Gold Coast Bulletin Sea Slug Census Article



Organisers of next weekend Sea Slug Census say it isnt just a frivolous search for slugs. Image C Level Media

 Divers to search entire Gold Coast to count all the sea slugs they can

Nicholas McElroy, Gold Coast Bulletin

SNORKELLERS, divers and even swimmers are being called on to pull on their sluggos and join the hunt to count the number of sea slugs in Gold Coast waterways.

The city’s first sea slug census will cover from the Tweed to the Seaway, with organiser Deb Aston saying it was not just a frivolous search for the tiny, colorful creatures.
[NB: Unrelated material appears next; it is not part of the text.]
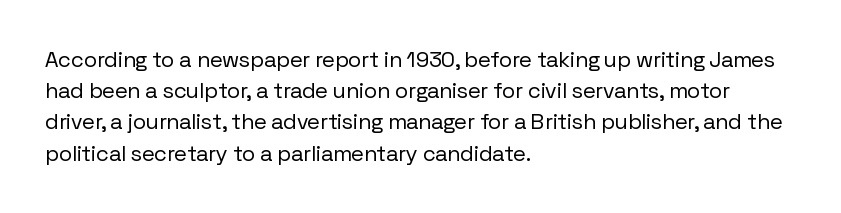
{"italic": "no", "bold": "no", "underline": "no", "align": "left", "line_spacing": "normal", "line_spacing_ratio": 1.42, "letter_spacing": "normal", "letter_spacing_em": 0.0, "glyph_px": 22}
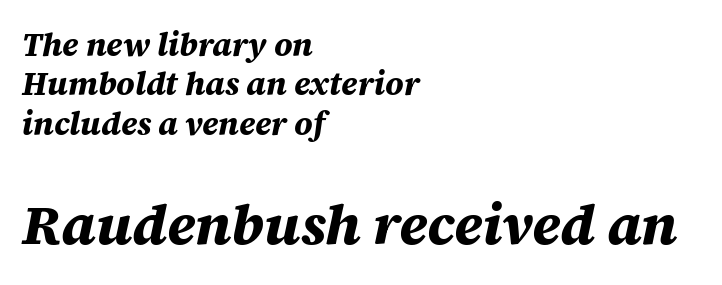
The image shows 56 px bold type, italic (leaning right); set left-aligned, line spacing 1.23x, normal letter spacing, not underlined; the second (bottom) block is 1.75x larger; medium stroke contrast and a large x-height.

Join the great Gold Coast sea slug census! A local diver with a Spanish Dancer. Image C Level Media

Data collected from the two-day survey next weekend will be used by researchers, some of them

looking into the colours of sea slugs and trying to find toxins that could be used in the fight against cancer.

But she said the main aim of the census was to identify new species and see if there were any seaslugs in Glitter Strip waterways that shouldn’t be.

“The discovery of new species in areas where they shouldn’t be can help track global warming,” Ms Aston said.

Join the great Gold Coast sea slug census! A bubble shell sea slug. Image C Level Media

“There are a lot of questions to be answered.”

Ms Aston said anyone with sluggos and a snorkel could take part in the initiative with Southern Cross University.

So far about 50 people have signed up to collect information, which includes underwater photos, size and where the creatures are found.

Join the great Gold Coast sea slug census! A nNudibranch being checkout by a sea horse. Image © C Level Media

“You don’t even have to swim – people can look under the rocks at Burleigh for them,” said the avid Brisbane diver, who has photographed 155 species of sea slug in the Seaway since 2011.

“You can find them in any rocky areas really,” she said.

Join the great Gold Coast sea slug census! A pink nudibranch. Image C Level Media

Southern Cross University’s Professor Steve Smith said the images taken next weekend were an important expansion in similar NSW research.

“The results have highlighted the ability of citizen scientists to provide important data, some of which has now been published in international scientific journals,” Prof Smith said.